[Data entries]
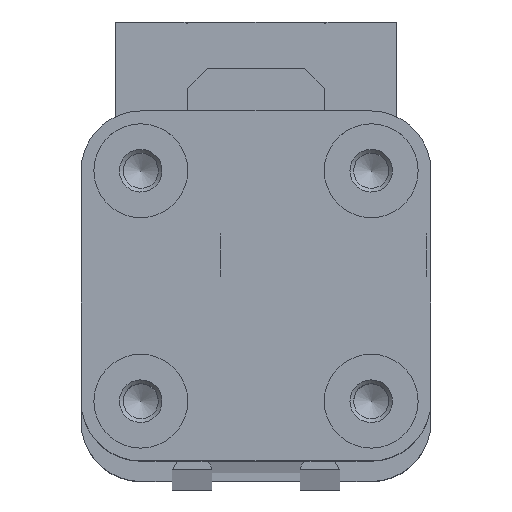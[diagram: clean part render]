
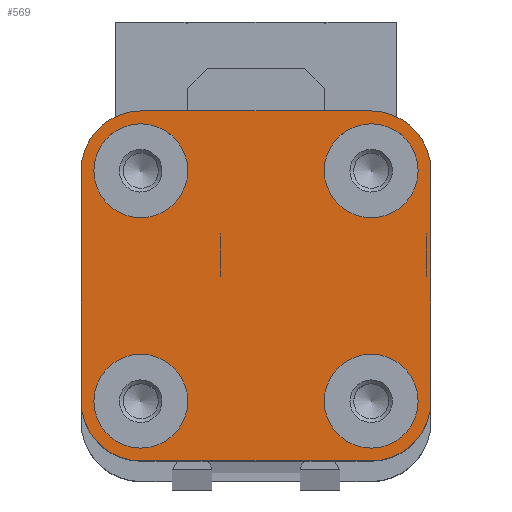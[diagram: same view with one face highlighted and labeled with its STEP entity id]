
A CAD part, top view. The second image highlights one B-rep face of the part: STEP entity #569.
In plain terms, the highlighted planar face has unit normal (0, 0, 1).
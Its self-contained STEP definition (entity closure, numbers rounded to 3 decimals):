
#569 = ADVANCED_FACE( '', ( #1207, #1208, #1209, #1210, #1211 ), #1212, .T. );
#1207 = FACE_BOUND( '', #1938, .T. );
#1208 = FACE_BOUND( '', #1939, .T. );
#1209 = FACE_BOUND( '', #1940, .T. );
#1210 = FACE_BOUND( '', #1941, .T. );
#1211 = FACE_OUTER_BOUND( '', #1942, .T. );
#1212 = PLANE( '', #1943 );
#1938 = EDGE_LOOP( '', ( #3370 ) );
#1939 = EDGE_LOOP( '', ( #3371 ) );
#1940 = EDGE_LOOP( '', ( #3372 ) );
#1941 = EDGE_LOOP( '', ( #3373 ) );
#1942 = EDGE_LOOP( '', ( #3374, #3375, #3376, #3377, #3378, #3379, #3380, #3381 ) );
#1943 = AXIS2_PLACEMENT_3D( '', #3382, #3383, #3384 );
#3370 = ORIENTED_EDGE( '', *, *, #4614, .T. );
#3371 = ORIENTED_EDGE( '', *, *, #4615, .T. );
#3372 = ORIENTED_EDGE( '', *, *, #4230, .T. );
#3373 = ORIENTED_EDGE( '', *, *, #4393, .T. );
#3374 = ORIENTED_EDGE( '', *, *, #4616, .T. );
#3375 = ORIENTED_EDGE( '', *, *, #4457, .T. );
#3376 = ORIENTED_EDGE( '', *, *, #4515, .T. );
#3377 = ORIENTED_EDGE( '', *, *, #4617, .T. );
#3378 = ORIENTED_EDGE( '', *, *, #4552, .T. );
#3379 = ORIENTED_EDGE( '', *, *, #4210, .T. );
#3380 = ORIENTED_EDGE( '', *, *, #4509, .T. );
#3381 = ORIENTED_EDGE( '', *, *, #4618, .T. );
#3382 = CARTESIAN_POINT( '', ( -13.5, -13.5, 700. ) );
#3383 = DIRECTION( '', ( 0., 0., 1. ) );
#3384 = DIRECTION( '', ( 1., 0., 0. ) );
#4210 = EDGE_CURVE( '', #5031, #5029, #5032, .T. );
#4230 = EDGE_CURVE( '', #5062, #5062, #5063, .F. );
#4393 = EDGE_CURVE( '', #5325, #5325, #5326, .F. );
#4457 = EDGE_CURVE( '', #5417, #5415, #5418, .T. );
#4509 = EDGE_CURVE( '', #5029, #5488, #5490, .T. );
#4515 = EDGE_CURVE( '', #5415, #5495, #5497, .T. );
#4552 = EDGE_CURVE( '', #5545, #5031, #5546, .T. );
#4614 = EDGE_CURVE( '', #5624, #5624, #5625, .F. );
#4615 = EDGE_CURVE( '', #5626, #5626, #5627, .F. );
#4616 = EDGE_CURVE( '', #5628, #5417, #5629, .T. );
#4617 = EDGE_CURVE( '', #5495, #5545, #5630, .T. );
#4618 = EDGE_CURVE( '', #5488, #5628, #5631, .T. );
#5029 = VERTEX_POINT( '', #6150 );
#5031 = VERTEX_POINT( '', #6153 );
#5032 = CIRCLE( '', #6154, 7. );
#5062 = VERTEX_POINT( '', #6193 );
#5063 = CIRCLE( '', #6194, 5.5 );
#5325 = VERTEX_POINT( '', #6562 );
#5326 = CIRCLE( '', #6563, 5.5 );
#5415 = VERTEX_POINT( '', #6683 );
#5417 = VERTEX_POINT( '', #6686 );
#5418 = CIRCLE( '', #6687, 7. );
#5488 = VERTEX_POINT( '', #6783 );
#5490 = LINE( '', #6786, #6787 );
#5495 = VERTEX_POINT( '', #6795 );
#5497 = LINE( '', #6798, #6799 );
#5545 = VERTEX_POINT( '', #6864 );
#5546 = LINE( '', #6865, #6866 );
#5624 = VERTEX_POINT( '', #6976 );
#5625 = CIRCLE( '', #6977, 5.5 );
#5626 = VERTEX_POINT( '', #6978 );
#5627 = CIRCLE( '', #6979, 5.5 );
#5628 = VERTEX_POINT( '', #6980 );
#5629 = LINE( '', #6981, #6982 );
#5630 = CIRCLE( '', #6983, 7. );
#5631 = CIRCLE( '', #6984, 7. );
#6150 = CARTESIAN_POINT( '', ( 13.5, 20.5, 700. ) );
#6153 = CARTESIAN_POINT( '', ( 20.5, 13.5, 700. ) );
#6154 = AXIS2_PLACEMENT_3D( '', #7380, #7381, #7382 );
#6193 = CARTESIAN_POINT( '', ( 19., 13.5, 700. ) );
#6194 = AXIS2_PLACEMENT_3D( '', #7407, #7408, #7409 );
#6562 = CARTESIAN_POINT( '', ( -8., 13.5, 700. ) );
#6563 = AXIS2_PLACEMENT_3D( '', #7597, #7598, #7599 );
#6683 = CARTESIAN_POINT( '', ( -13.5, -20.5, 700. ) );
#6686 = CARTESIAN_POINT( '', ( -20.5, -13.5, 700. ) );
#6687 = AXIS2_PLACEMENT_3D( '', #7656, #7657, #7658 );
#6783 = CARTESIAN_POINT( '', ( -13.5, 20.5, 700. ) );
#6786 = CARTESIAN_POINT( '', ( 13.5, 20.5, 700. ) );
#6787 = VECTOR( '', #7704, 1000. );
#6795 = CARTESIAN_POINT( '', ( 13.5, -20.5, 700. ) );
#6798 = CARTESIAN_POINT( '', ( -13.5, -20.5, 700. ) );
#6799 = VECTOR( '', #7709, 1000. );
#6864 = CARTESIAN_POINT( '', ( 20.5, -13.5, 700. ) );
#6865 = CARTESIAN_POINT( '', ( 20.5, -13.5, 700. ) );
#6866 = VECTOR( '', #7742, 1000. );
#6976 = CARTESIAN_POINT( '', ( 19., -13.5, 700. ) );
#6977 = AXIS2_PLACEMENT_3D( '', #7793, #7794, #7795 );
#6978 = CARTESIAN_POINT( '', ( -8., -13.5, 700. ) );
#6979 = AXIS2_PLACEMENT_3D( '', #7796, #7797, #7798 );
#6980 = CARTESIAN_POINT( '', ( -20.5, 13.5, 700. ) );
#6981 = CARTESIAN_POINT( '', ( -20.5, 13.5, 700. ) );
#6982 = VECTOR( '', #7799, 1000. );
#6983 = AXIS2_PLACEMENT_3D( '', #7800, #7801, #7802 );
#6984 = AXIS2_PLACEMENT_3D( '', #7803, #7804, #7805 );
#7380 = CARTESIAN_POINT( '', ( 13.5, 13.5, 700. ) );
#7381 = DIRECTION( '', ( 0., 0., 1. ) );
#7382 = DIRECTION( '', ( 1., 0., 0. ) );
#7407 = CARTESIAN_POINT( '', ( 13.5, 13.5, 700. ) );
#7408 = DIRECTION( '', ( 0., 0., 1. ) );
#7409 = DIRECTION( '', ( 1., 0., 0. ) );
#7597 = CARTESIAN_POINT( '', ( -13.5, 13.5, 700. ) );
#7598 = DIRECTION( '', ( 0., 0., 1. ) );
#7599 = DIRECTION( '', ( 1., 0., 0. ) );
#7656 = CARTESIAN_POINT( '', ( -13.5, -13.5, 700. ) );
#7657 = DIRECTION( '', ( 0., 0., 1. ) );
#7658 = DIRECTION( '', ( 1., 0., 0. ) );
#7704 = DIRECTION( '', ( -1., 0., 0. ) );
#7709 = DIRECTION( '', ( 1., 0., 0. ) );
#7742 = DIRECTION( '', ( 0., 1., 0. ) );
#7793 = CARTESIAN_POINT( '', ( 13.5, -13.5, 700. ) );
#7794 = DIRECTION( '', ( 0., 0., 1. ) );
#7795 = DIRECTION( '', ( 1., 0., 0. ) );
#7796 = CARTESIAN_POINT( '', ( -13.5, -13.5, 700. ) );
#7797 = DIRECTION( '', ( 0., 0., 1. ) );
#7798 = DIRECTION( '', ( 1., 0., 0. ) );
#7799 = DIRECTION( '', ( 0., -1., 0. ) );
#7800 = CARTESIAN_POINT( '', ( 13.5, -13.5, 700. ) );
#7801 = DIRECTION( '', ( 0., 0., 1. ) );
#7802 = DIRECTION( '', ( 1., 0., 0. ) );
#7803 = CARTESIAN_POINT( '', ( -13.5, 13.5, 700. ) );
#7804 = DIRECTION( '', ( 0., 0., 1. ) );
#7805 = DIRECTION( '', ( 1., 0., 0. ) );
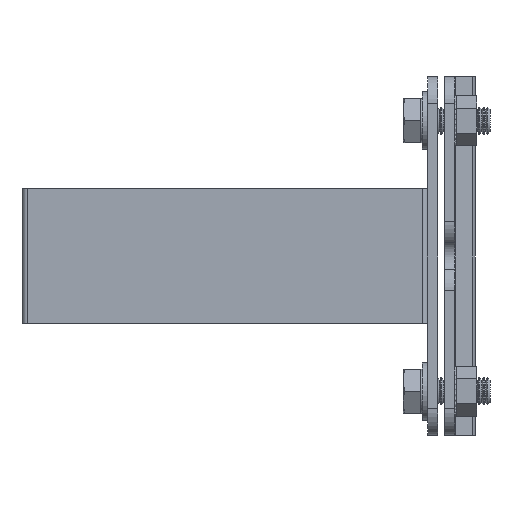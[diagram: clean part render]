
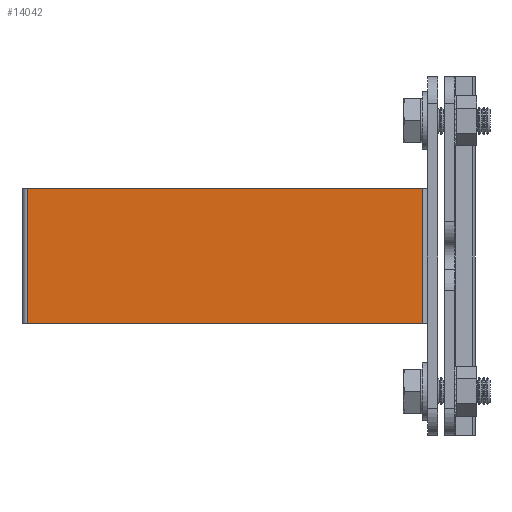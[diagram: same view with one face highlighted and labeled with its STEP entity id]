
A CAD part, left-side view. The second image highlights one B-rep face of the part: STEP entity #14042.
In plain terms, the highlighted planar face has unit normal (-1, 0, 0).
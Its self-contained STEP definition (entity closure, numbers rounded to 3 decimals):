
#140 = LINE ( 'NONE', #20835, #4183 ) ;
#450 = DIRECTION ( 'NONE',  ( 0., 0., -1. ) ) ;
#1644 = AXIS2_PLACEMENT_3D ( 'NONE', #9639, #7884, #18302 ) ;
#1703 = VECTOR ( 'NONE', #19851, 1000. ) ;
#2384 = PLANE ( 'NONE',  #1644 ) ;
#4183 = VECTOR ( 'NONE', #8667, 1000. ) ;
#4786 = EDGE_CURVE ( 'NONE', #20287, #8136, #14307, .T. ) ;
#5466 = CARTESIAN_POINT ( 'NONE',  ( -20., 58.5, -20. ) ) ;
#6979 = CARTESIAN_POINT ( 'NONE',  ( -20., 58.5, 20. ) ) ;
#7884 = DIRECTION ( 'NONE',  ( 1., 0., 0. ) ) ;
#8136 = VERTEX_POINT ( 'NONE', #14616 ) ;
#8396 = ORIENTED_EDGE ( 'NONE', *, *, #22319, .F. ) ;
#8619 = VECTOR ( 'NONE', #16527, 1000. ) ;
#8667 = DIRECTION ( 'NONE',  ( 0., 0., -1. ) ) ;
#8759 = EDGE_CURVE ( 'NONE', #20191, #20287, #140, .T. ) ;
#9639 = CARTESIAN_POINT ( 'NONE',  ( -20., 58.5, 20. ) ) ;
#9748 = EDGE_CURVE ( 'NONE', #20191, #18258, #13348, .T. ) ;
#11191 = CARTESIAN_POINT ( 'NONE',  ( -20., 58.5, 20. ) ) ;
#11757 = FACE_OUTER_BOUND ( 'NONE', #20590, .T. ) ;
#12751 = LINE ( 'NONE', #17631, #15407 ) ;
#13348 = LINE ( 'NONE', #11191, #1703 ) ;
#14042 = ADVANCED_FACE ( 'NONE', ( #11757 ), #2384, .F. ) ;
#14307 = LINE ( 'NONE', #19861, #8619 ) ;
#14616 = CARTESIAN_POINT ( 'NONE',  ( -20., -58.5, -20. ) ) ;
#15014 = ORIENTED_EDGE ( 'NONE', *, *, #9748, .F. ) ;
#15407 = VECTOR ( 'NONE', #450, 1000. ) ;
#16527 = DIRECTION ( 'NONE',  ( 0., -1., 0. ) ) ;
#16749 = ORIENTED_EDGE ( 'NONE', *, *, #8759, .T. ) ;
#17631 = CARTESIAN_POINT ( 'NONE',  ( -20., -58.5, 20. ) ) ;
#18201 = ORIENTED_EDGE ( 'NONE', *, *, #4786, .T. ) ;
#18258 = VERTEX_POINT ( 'NONE', #18583 ) ;
#18302 = DIRECTION ( 'NONE',  ( 0., 1., 0. ) ) ;
#18583 = CARTESIAN_POINT ( 'NONE',  ( -20., -58.5, 20. ) ) ;
#19851 = DIRECTION ( 'NONE',  ( 0., -1., 0. ) ) ;
#19861 = CARTESIAN_POINT ( 'NONE',  ( -20., 58.5, -20. ) ) ;
#20191 = VERTEX_POINT ( 'NONE', #6979 ) ;
#20287 = VERTEX_POINT ( 'NONE', #5466 ) ;
#20590 = EDGE_LOOP ( 'NONE', ( #18201, #8396, #15014, #16749 ) ) ;
#20835 = CARTESIAN_POINT ( 'NONE',  ( -20., 58.5, 20. ) ) ;
#22319 = EDGE_CURVE ( 'NONE', #18258, #8136, #12751, .T. ) ;

**Exercise description:**
Starting from the records above, filter out all lines except those containing the word "PLANE".

**Output of the task:**
#1212 = PLANE( '', #1943 );
#2384 = PLANE ( 'NONE',  #1644 ) ;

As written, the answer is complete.